Peu de jeunes de 18 ou 19 ans savent vraiment ce qu’ils veulent faire, mais il n’empêche qu’en ce moment, ils posent un des choix les plus décisifs de leur vie. Il est très tentant de se laisser guider par la grande offre de jobs dans les secteurs techniques et médicaux, mais il faut toutefois d’abord déterminer ses passions et ses centres d’intérêt.

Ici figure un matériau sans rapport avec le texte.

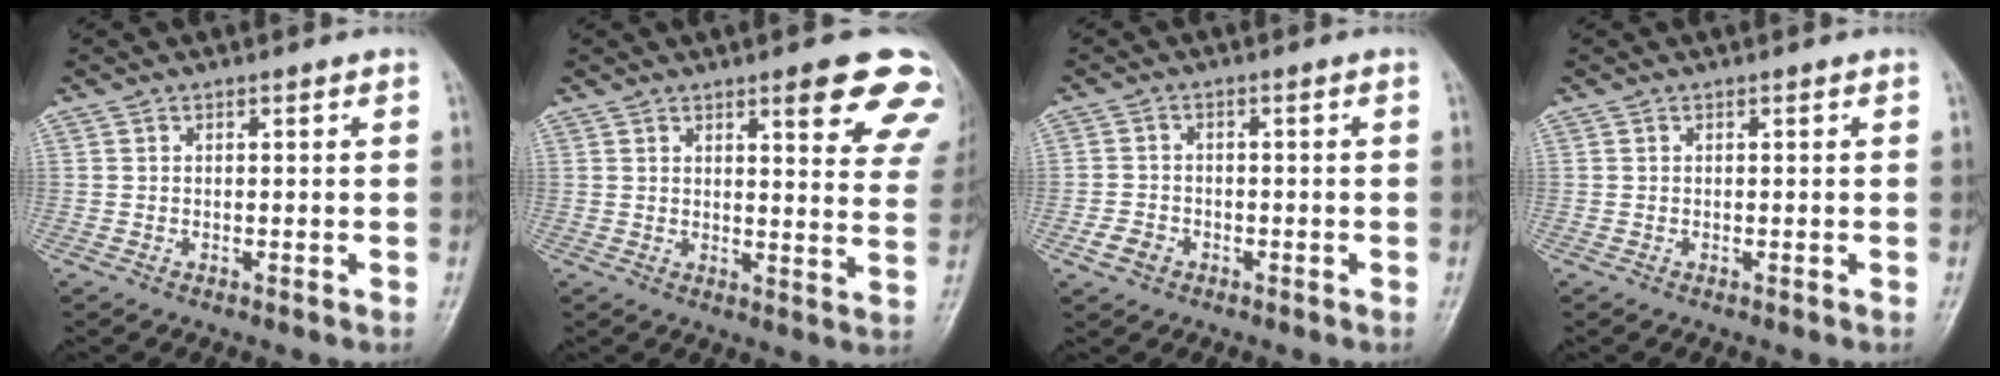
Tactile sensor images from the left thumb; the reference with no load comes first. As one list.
[{"total": 14.8, "force": [9.2, 3.9, 10.9], "torque": [-0.096, -0.042, 0.097]}, {"total": 3.4, "force": [-1.7, 2.6, 1.4], "torque": [-0.023, 0.012, -0.031]}, {"total": 0.0}]

Les diplômes médicaux et techniques sont recherchés

Pour ceux qui jettent un œil sur les offres d’emploi, le choix est en effet un jeu d’enfant. «Si vous analysez le marché du travail, ce sont surtout les filières médicales qui se portent bien. La dentisterie vient en première place, mais la médecine fait aussi un très bon score. Ensuite, la kinésithérapie a aussi le vent en poupe en raison du vieillissement de la population», précise Vivian Roks.
«Si le monde médical ne vous intéresse pas, vous pouvez aussi envisager une filière technique. Ingénieur civil est toujours une option sûre, comme aussi ingénieur industriel ou n’importe quel profil technique. L’électromécanique, une formation que l’on peut suivre dans l’enseignement secondaire, est aussi un diplôme très demandé», poursuit-elle.

It’s a digital world

Si vous ne trouvez pas là votre bonheur, vous pouvez envisager une filière économique ou le secteur TIC. «La numérisation commence aussi à imprégner le marché du travail. Les spécialistes des TIC sont fort demandés, mais aussi les personnes douées pour le numérique. Je songe par exemple dans ce cas aux marketeurs sociaux», clarifie-t-elle.
Enfin, Vivian Roks a aussi de bonnes nouvelles pour ceux qui sont sur le point de trancher. «Le marché du travail se porte nettement mieux qu’il y a quelques années. Il y a de nouveau plus de travail, si bien que les employeurs sont plus flexibles et ont moins d’exigences qu’avant. Le bon diplôme et la bonne mentalité suffisent déjà souvent pour avoir une chance de décrocher le job», conclut-elle.